A0389
Title: Component and feature selection in mixtures of generalised linear models
Authors: Sollie Millard - University of Pretoria (South Africa) [presenting]
Salomi Millard - University of Pretoria (South Africa)
Frans Kanfer - University of Pretoria (South Africa)
Mohammad Arashi - Ferdowsi University of Mashhad (Iran)
Gaonyalelwe Maribe - University of Pretoria (South Africa)

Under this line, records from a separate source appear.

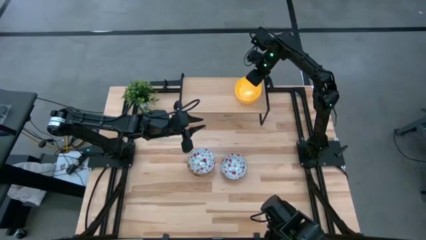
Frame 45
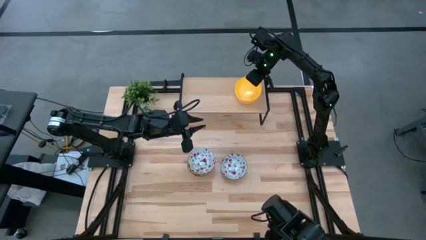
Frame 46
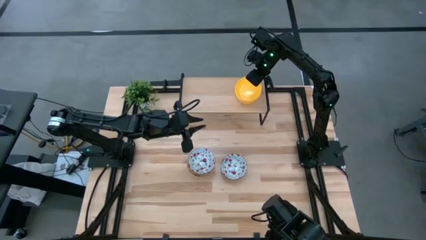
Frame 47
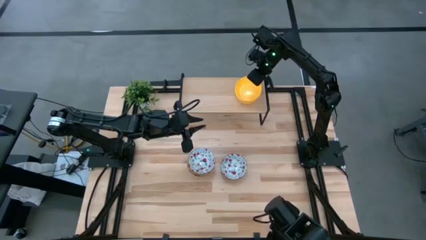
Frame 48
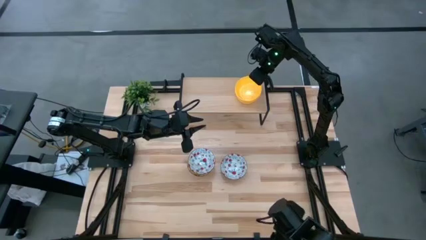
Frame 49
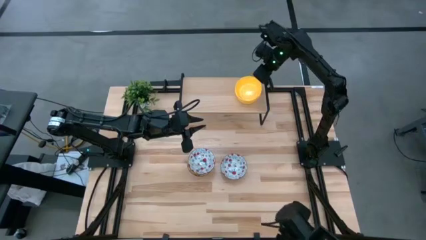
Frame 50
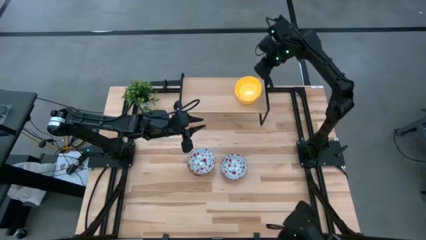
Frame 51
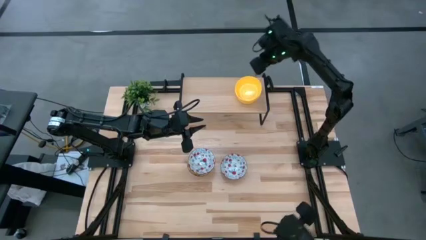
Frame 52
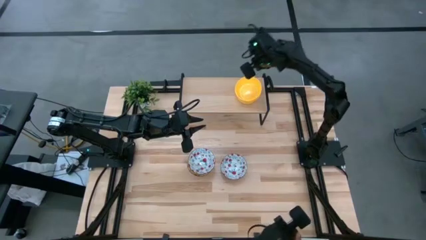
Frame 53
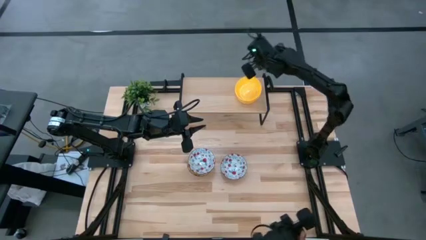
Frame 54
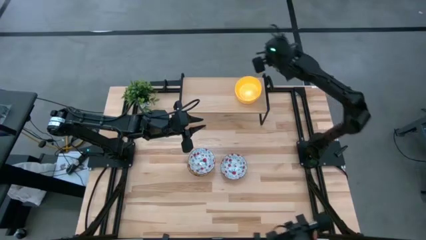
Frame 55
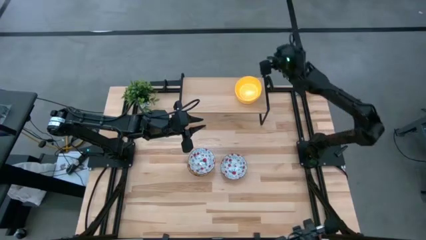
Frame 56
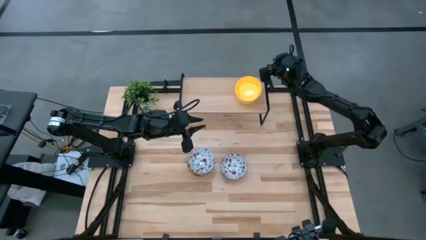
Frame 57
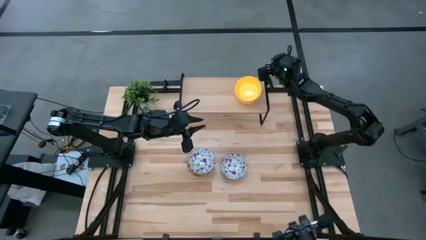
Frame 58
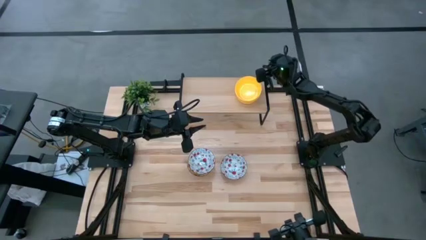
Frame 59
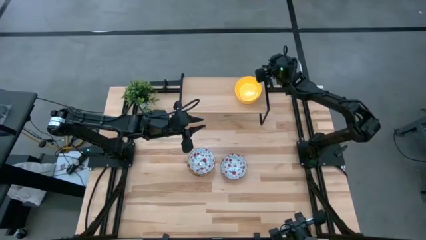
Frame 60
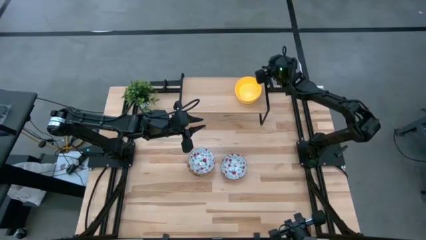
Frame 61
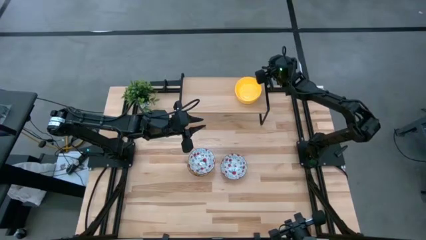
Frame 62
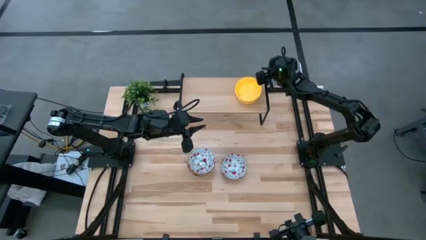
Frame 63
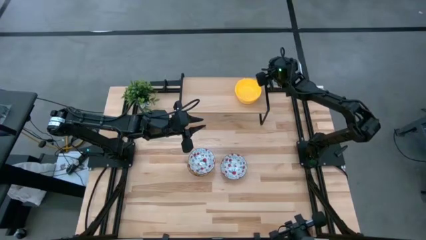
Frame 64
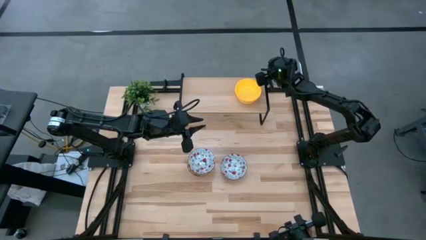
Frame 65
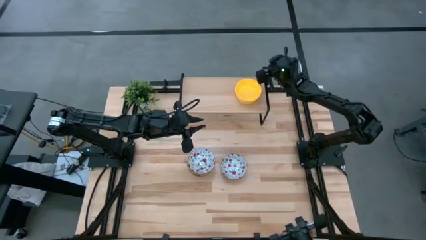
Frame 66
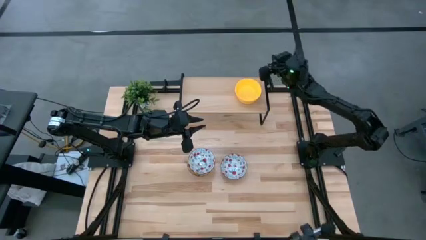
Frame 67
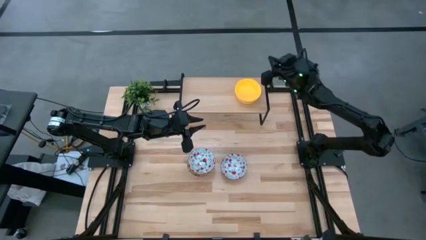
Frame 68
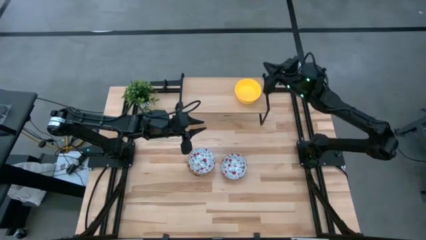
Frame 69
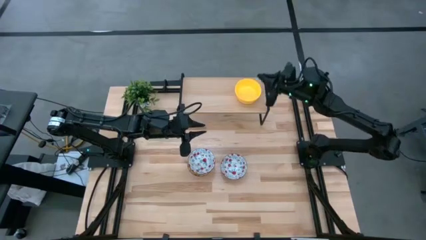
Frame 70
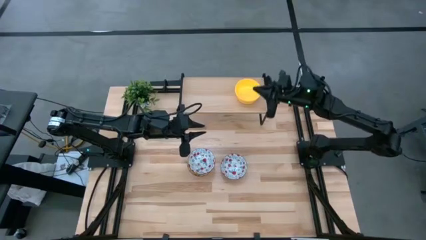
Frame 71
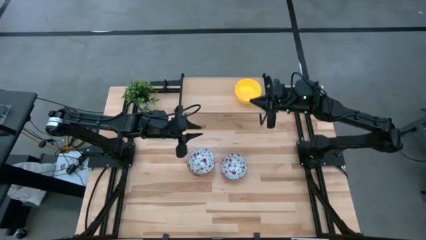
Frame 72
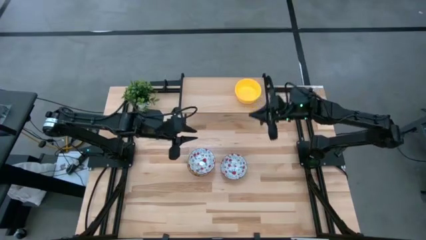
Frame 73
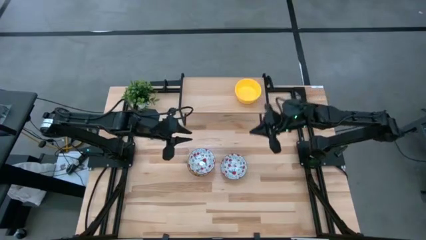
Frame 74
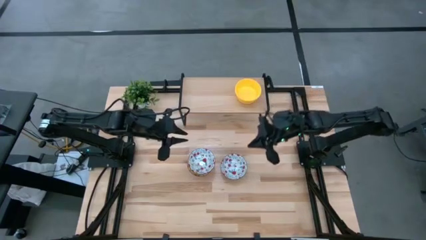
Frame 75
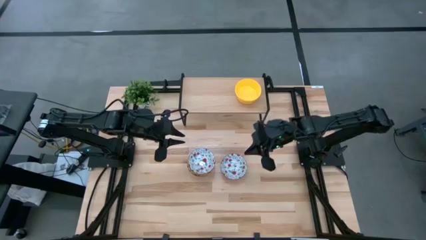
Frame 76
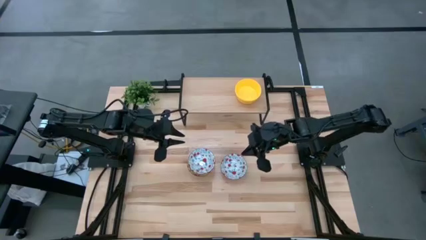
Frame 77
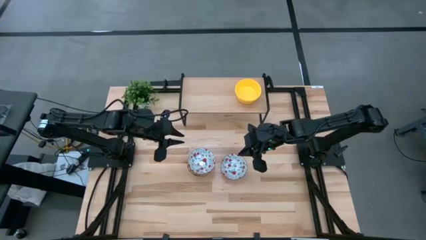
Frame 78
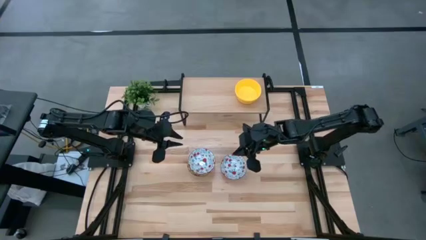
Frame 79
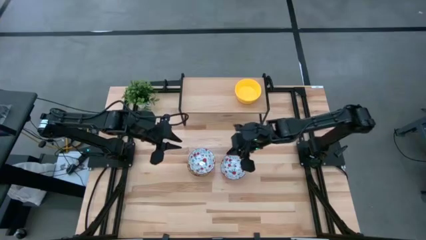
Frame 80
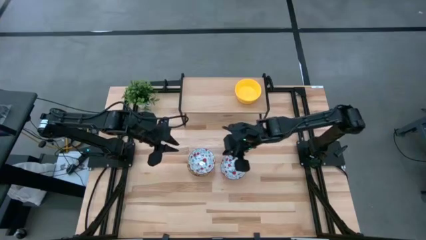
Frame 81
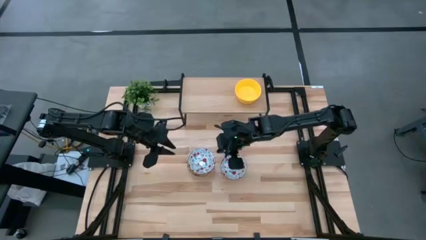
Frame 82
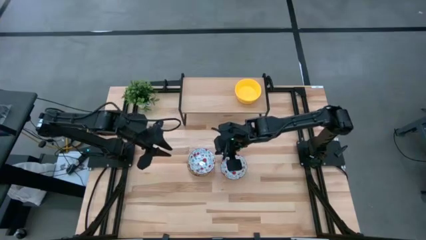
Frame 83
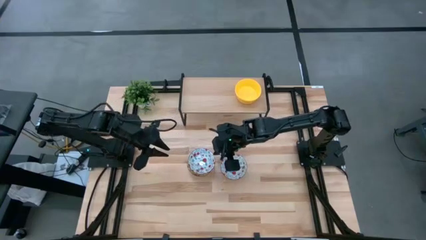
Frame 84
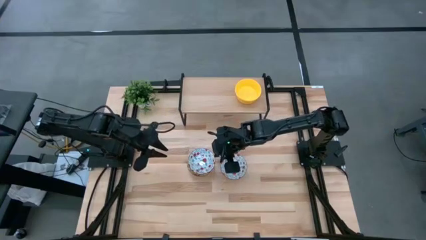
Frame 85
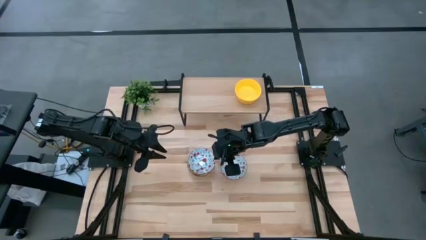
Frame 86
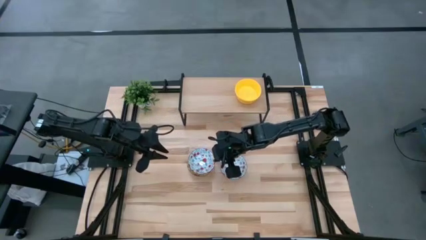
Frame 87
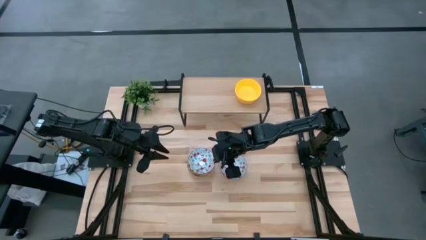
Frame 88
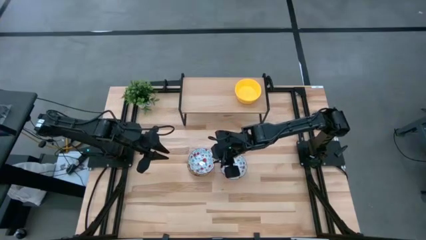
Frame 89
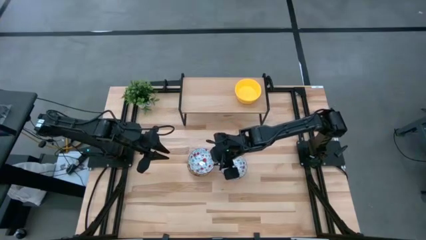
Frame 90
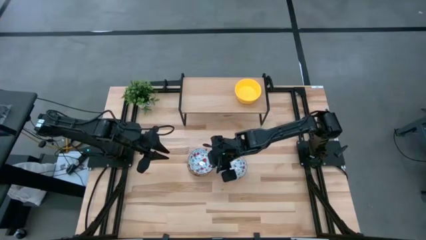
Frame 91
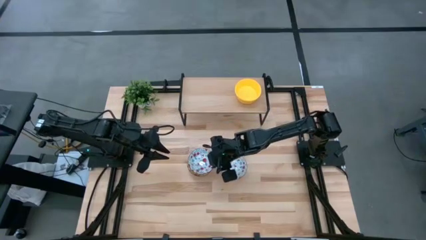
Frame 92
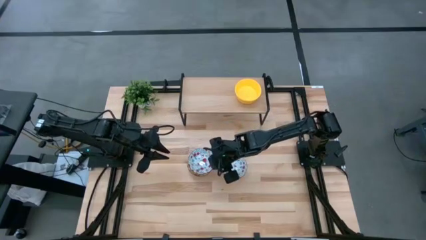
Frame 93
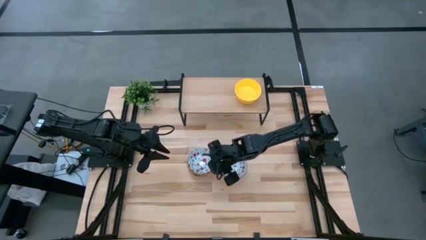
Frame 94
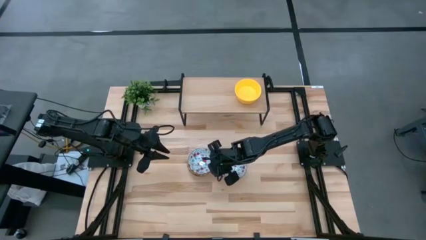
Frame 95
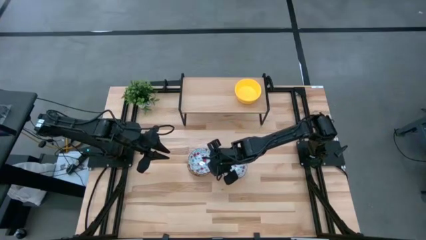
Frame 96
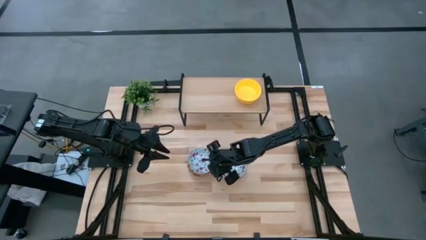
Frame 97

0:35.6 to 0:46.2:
Task: Pick & Place Mini bowls
Remove the red bowl from the stacked bowls

Abstract: Datasets with a relatively large number of highly correlated features are often found in applications of a finite mixture of regression models, resulting in unstable parameter estimates. The contribution of each feature towards the response variable differs in the respective components of the mixture model. This creates a complex feature selection problem. Penalised regression methods are frequently used to perform feature selection whilst addressing the issues that arise due to multicollinearity. The estimation of a mixture of generalised linear models in the presence of multicollinearity is considered, addressing both feature and component selection. The selection of the optimal number of components is important since traditional maximum likelihood estimation faces difficulty when an incorrect number of components are specified. We propose a novel penalised-likelihood approach to conduct model selection for finite mixtures of generalised linear models. Penalties are imposed on both mixing proportions and regression coefficients, hence order selection of the mixture and the variable selection in each component can be simultaneously achieved. A modified EM algorithm is proposed. We consider the use of the novel modified elastic-net penalty for feature selection. An extensive simulation study is performed to demonstrate the properties pertaining to component and feature selection of this approach.